The population of a city increases by 4,000 people each year. In 2025, the population is projected to be 450,000 people. What is an equation that gives the city’s population p (in thousands of people) x years after 2010?
answer p – 450 = 4(x – 15)
how did you get the answerl
To determine the equation, we can use the information given.
First, let's break down the problem:
- The population in 2010 is the starting point, meaning x = 0 in the equation.
- The population is projected to be 450,000 people in 2025, which is 15 years after 2010, so x = 15 in the equation.
- The population increases by 4,000 people each year.

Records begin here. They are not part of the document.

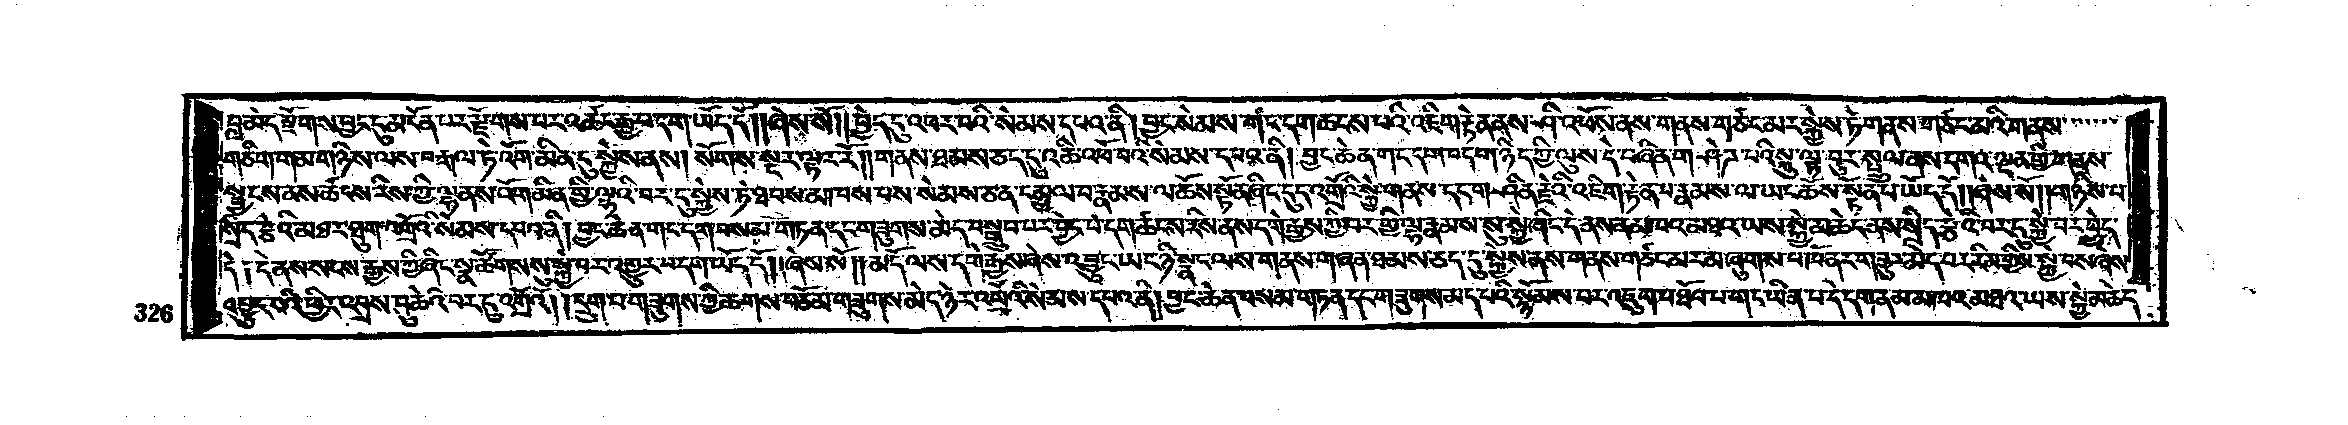བླ་མེད་རྫོགས་བྱང་དུ་མངོན་པར་རྫོགས་པར་འཚང་རྒྱ་བ་དག་ཡོད་དོ། །ཞེས་སོ། །བྱེད་དུ་འཕར་བའི་སེམས་དཔའ་ནི། བྱང་སེམས་གང་དག་ཚངས་པའི་འཇིག་རྟེན་ནས་ཤི་འཕོས་ནས་གནས་གཙང་མར་སྐྱེས་ཏེ་གནས་གཙང་མའི་གནས་
གཅིག་གམ་གཉིས་ལས་བརྒལ་ཏེ་འོག་མིན་དུ་སྐྱེས་ནས། སོགས་སྔར་ལྟར་རོ། །གནས་ཐམས་ཅད་དུ་འཆི་འཕོ་བའི་སེམས་དཔའ་ནི། བྱང་ཆེན་གང་དག་བདག་ཉིད་ཀྱི་ལུས་དེ་བཞིན་གཤེགས་པའི་སྐུ་ལྟ་བུར་སྤྲུལ་ནས་དགའ་ལྡན་གྱི་གནས་
སྦྱངས་ནས་ཚངས་རིས་ཀྱི་ལྷ་ནས་འོག་མིན་གྱི་ལྷའི་བར་དུ་སྐྱེས་ཏེ་ཐབས་མཁས་པས་སེམས་ཅན་དམྱལ་བ་རྣམས་ལ་ཆོས་སྟོན་ཞིང་དུད་འགྲོའི་སྐྱེ་གནས་དང་གཤིན་རྗེའི་འཇིག་རྟེན་པ་རྣམས་ལ་ཡང་ཆོས་སྟོན་པ་ཡོད་དོ། །ཞེས་སོ། །གཉིས་པ་
སྲིད་རྩེའི་མཐར་ཐུག་འགྲོའི་སེམས་དཔའ་ནི། བྱང་ཆེན་གང་དག་བསམ་གཏན་དང་གཟུགས་མེད་བསྒྲུབ་པར་བྱེད་པ་དག་ཚངས་རིས་ནས་དགེ་རྒྱས་ཀྱི་བར་གྱི་ལྷ་རྣམས་སུ་སྐྱེ་ཞིང་དེ་ནས་ནམ་མཁའ་མཐའ་ཡས་སྐྱེ་མཆེད་ནས་སྲིད་རྩེའི་བར་དུ་སྐྱེ་བར་བྱེད་
དེ། དེ་ནས་སངས་རྒྱས་ཀྱི་ཞིང་སྣ་ཚོགས་སུ་སྐྱེ་བར་འགྱུར་བ་དག་ཡོད་དོ། །ཞེས་སོ། །མདོ་ལས་དགེ་རྒྱས་ཞེས་འབྱུང་ཡང་ཉི་སྣང་ལས་གནས་གཞན་ཐམས་ཅད་དུ་སྐྱེས་ནས་གནས་གཙང་མར་མ་ཞུགས་པ་ཁོ་ནར་གཟུགས་མེད་པར་རིམ་གྱིས་སྐྱེ་བས་ཞེས་
འབྱུང་བའི་ཕྱིར་འབྲས་བུ་ཆེའི་བར་དུ་འགྲོའོ། །དྲུག་པ་གཟུགས་ཀྱི་ཆགས་བཅོམ་གཟུགས་མེད་ཉེར་འགྲོའི་སེམས་དཔའ་ནི། བྱང་ཆེན་བསམ་གཏན་དང་གཟུགས་མེད་པའི་སྙོམས་པར་འཇུག་པ་ཐོབ་པ་གང་ཡིན་པ་དེ་དག་ནམ་མཁའ་མཐའ་ཡས་སྐྱེ་མཆེད་

Now, let's form the equation:
Since the increase is in thousands of people, we need to divide the increase by 1,000.
Starting with the population in 2010, let's represent it as p.
Then, the population x years after 2010 can be represented as p + 4000x.
To determine the value of p, we can substitute the known value for x when the population is 450,000 people in 2025.
So, when x = 15, p + 4000(15) = 450.
Simplifying this equation, we have p + 60,000 = 450.
Subtracting 60,000 from both sides of the equation, we get p = 450 - 60,000.
Simplifying further, p = -59,550.
Now, since we want the equation in terms of x and p, we can substitute the value of p back into p + 4000x to get the final equation.
p + 4000x = -59,550 + 4000x.
To make the equation look like the given answer, we can rearrange it:
p - 450 = 4000x + 4000(-15).
Simplifying further, we have p - 450 = 4000x - 60,000.
Therefore, p – 450 = 4(x – 15) is the equation that gives the city's population p (in thousands of people) x years after 2010.